# Question on sexing cuckoo maran...



## Dazlin (Nov 26, 2007)

I have a three month old cuckoo maran, and I just can't tell if it's a roo or not. It has tall thick legs, and bright comb, but no feather markings at all. No tail at all either, looks sort of round rumped. Other than that the barring is distinct, it's black with white barring, and can't see any hints of green that most roos get on the tail. I have someone coming for my roos(hopefully), and want to be sure. It's soo tall though, I would think it's a boy. Can you help me out on this one?
Also, do most young roos have thicker and longer legs, cause I've got others like that.


----------



## Wisconsin Ann (Feb 27, 2007)

By 3 months you should be seeing heavier legs, and much lighter coloring than the pullets. The combs will be growing larger, too. 

If you look closely at the saddle area...just in front of where the tail comes out, the feathers there should be showing or starting to show points instead of round tips. The cockeral's feathers will become very long and skinny and pointy there.

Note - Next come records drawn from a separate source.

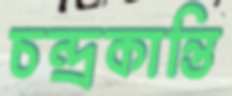
চন্দ্রকান্তি
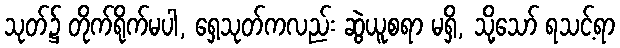
သုတ်၌ တိုက်ရိုက်မပါ, ရှေ့သုတ်ကလည်း ဆွဲယူစရာ မရှိ, သို့သော် ရသင့်ရာ
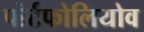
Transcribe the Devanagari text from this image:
पोर्टफोलियोव
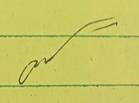
Signature authenticity: genuine
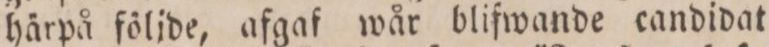
härpå följde, afgaf wår blifwande candidat
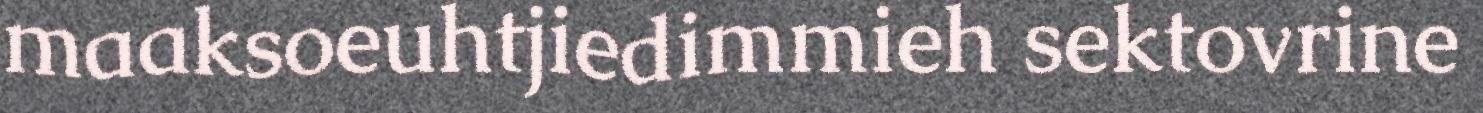
maaksoeuhtjiedimmieh sektovrine
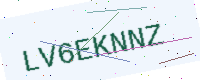
Text: LV6EKNNZ
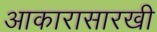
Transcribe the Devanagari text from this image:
आकारासारखी
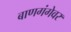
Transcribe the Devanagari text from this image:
बाणगंगेवर
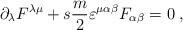
LaTeX: \begin{align*}\partial_{\lambda}F^{\lambda\mu}+s\frac{m}{2}\varepsilon^{\mu\alpha\beta}F_{\alpha\beta}=0\;,\end{align*}
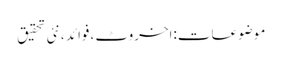
موضوعات:اخروٹ ،فوائد ،نئی تحقیق
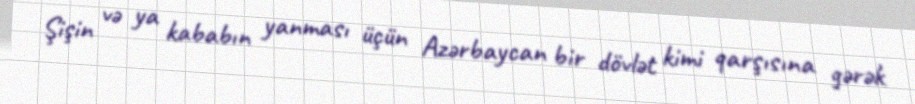
Şişin və ya kababın yanması üçün Azərbaycan bir dövlət kimi qarşısına gərək
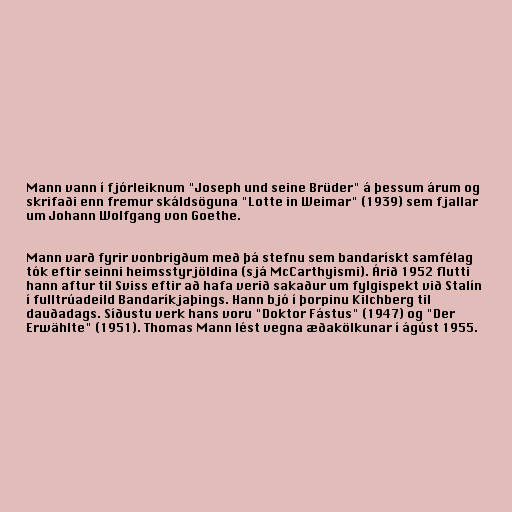
Mann vann í fjórleiknum "Joseph und seine Brüder" á þessum árum og
skrifaði enn fremur skáldsöguna "Lotte in Weimar" (1939) sem fjallar
um Johann Wolfgang von Goethe.

Mann varð fyrir vonbrigðum með þá stefnu sem bandarískt samfélag
tók eftir seinni heimsstyrjöldina (sjá McCarthyismi). Árið 1952 flutti
hann aftur til Sviss eftir að hafa verið sakaður um fylgispekt við Stalín
í fulltrúadeild Bandaríkjaþings. Hann bjó í þorpinu Kilchberg til
dauðadags. Síðustu verk hans voru "Doktor Fástus" (1947) og "Der
Erwählte" (1951). Thomas Mann lést vegna æðakölkunar í ágúst 1955.
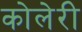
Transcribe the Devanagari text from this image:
कोलेरी
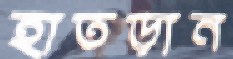
হাতড়ান
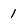
Character: 1
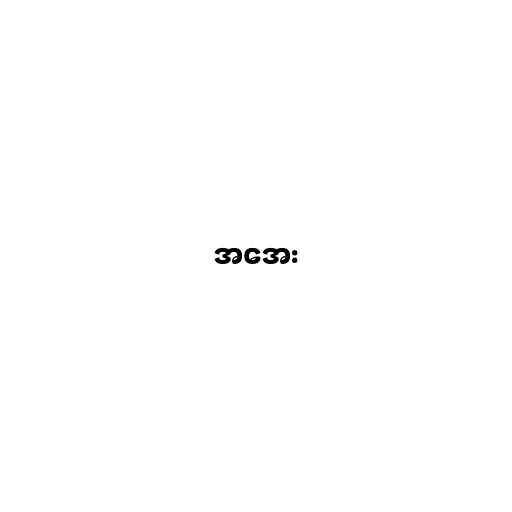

Without going thru all my pics of the birds, take a look at feathersite's marans page. You will see, half way down the page, a picture of 3 cuckoo marans birds...3 months old. 2 pullets (dark, smaller combs) and 1 cockeral (lighter, with a larger redder comb)


----------



## harrisjnet (Jul 13, 2006)

Can you post a picture of the ones in question? If I saw it, I could tell you. 
My Marans pullets don't have red combs until they are almost ready to lay. The little roos will have a red comb from the beginning. Roosters also have the longer legs and will often look like they will be tailless and them all of a sudden they grow tail feathers. By three months old you can probably see Saddle feathers coming in right above the tail area. 
Good luck to you.


----------



## Dazlin (Nov 26, 2007)

Thanks for the replie...loved the pics on feathersite. Some of the hens had bright combs. I'll try to post a pic. The one thing, mine has those long legs.


----------



## Dazlin (Nov 26, 2007)

Oh, saddle feathers, the one that come down the back above the tail? Not hackle feathers, the ones around the collar area? Neither of those have any points or shape, yet.


----------



## KSALguy (Feb 14, 2006)

saddle feathers are the sex indicators, they are above the tail where you would put a saddle if you were to ride a chicken, just cause the feathers showing are not sex feathers doesnt mean there are not any growing in under them, the loose feathering chickens get first will hide the new growth for some time, a late bloomber will take a while for the sex feathers to show up before they loose the first feathers, but they are still there, just look under the first layer and see whats there


----------